Our first attempt at the carnival rides was a mixed bag. Grady's just a few inches too short for the AA rides, and Dylan's too short for the big league stuff, so they're stuck in carnival purgatory. But, they still love the carousel horses and the bumper cars and the small roller coasters. Ho hum, I thought. I need action! I need thrills! This year I talked Dylan into the most feared ride of all ... The Berry-Go-Round. Basically, you sit in a giant strawberry and spin around. The berry-coccoons hold one oversized adult and a handful of skeptical small people who are too polite to ask why a fuzzy old guy is on the ride with them. There is a wheel directly in the center that the biggest, baddest kid (me) gets to spin. And oh how I spun that strawberry. The kids were laughing and I was spinning and spinning until, well, until I got sick. "Faster," they yelled as I started scouting out spots where I could barf out the undersized door and not hit any families. Decorum states that fair board members wearing their official fair IDs shall not hurl on paying fair-goers. "Let's just rest a while," I told Dylan after that mess.

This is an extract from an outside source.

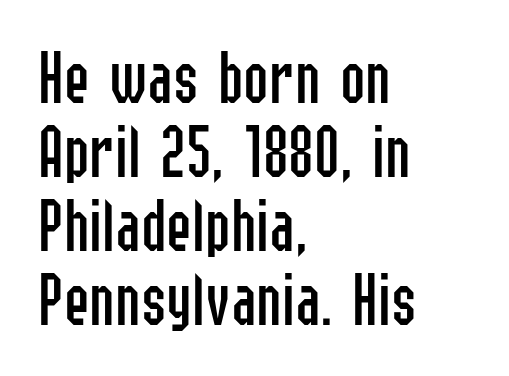
The image shows 77 px regular-weight, condensed sans-serif type, upright; set left-aligned, tight line spacing (0.96x), normal letter spacing, not underlined; low stroke contrast and a medium x-height.
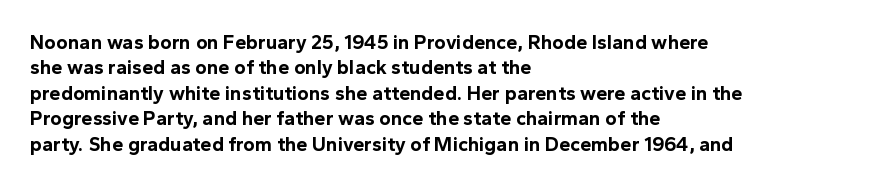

It didn't help that we decided to relax on the Merry Go Round. Easy peasy, I thought. I'll just stand here between Dylan and Grady and let my stomach settle. But the diabolical little girl on the carousel horse directly in front of us had other plans. As soon as the pipe-organ music fired up and we started going around, her finger started a frantic booger dig-and-scoop from nose to mouth. It was a wreck I couldn't not watch, and wanted desperately to unsee forever. The nausea came back with a vengeance and I almost became the first sober adult in history to throw up on the carousel horses. I settled my stomach with a corn dog and decided relaxing on the Ferris Wheel would help. Dylan and I went up and as we gazed at the iconic Yreka skyline, Dylan asked, "Daddy, in the 90s did they have Ferris Wheels?" I laughed so hard that my nausea completely went away. To celebrate, I ate another corn dog.
Must. Hold. On. |
Dylan's fair-goal is to spend money. She brings her coins and bills and is lured into buying anything shiny. My mantra seems to be, You already have that at home, or, That will break before we get home. Instead, I convince her to play the Win a Goldfish carnival game. I figured the fish she won last year was a fluke and it wouldn't happen again. Last year she came home with three. This year she won five. I'm still not sure how. As is wont to happen to fair-fish, five became four, became three ... you get the picture. We're down to one, but he seems like he might make it. I figure the fish, like a fair steer or hog, are good lessons for life. Take care of them, treat them well, and if you're lucky, they'll live. And if you're really lucky, you can sell them at an auction. Dylan's only comment when one of the fish was found floating in the bowl was, "I wish it was just sleeping with its eyes open."
Happy Fair Monkeys |
Next year, I'm staying off any ride that spins. Dylan's already planning on winning some compadres for our survivor fish and wants to do Pee-Wee Showmanship with one of our chickens. Grady's working on growing those last few inches so he can hit the medium-sized kid rides. And we'll be there, like a yoga class winding down, inhaling deeply through our noses to catch every smell, and exhaling deeply through our mouths to settle our stomachs.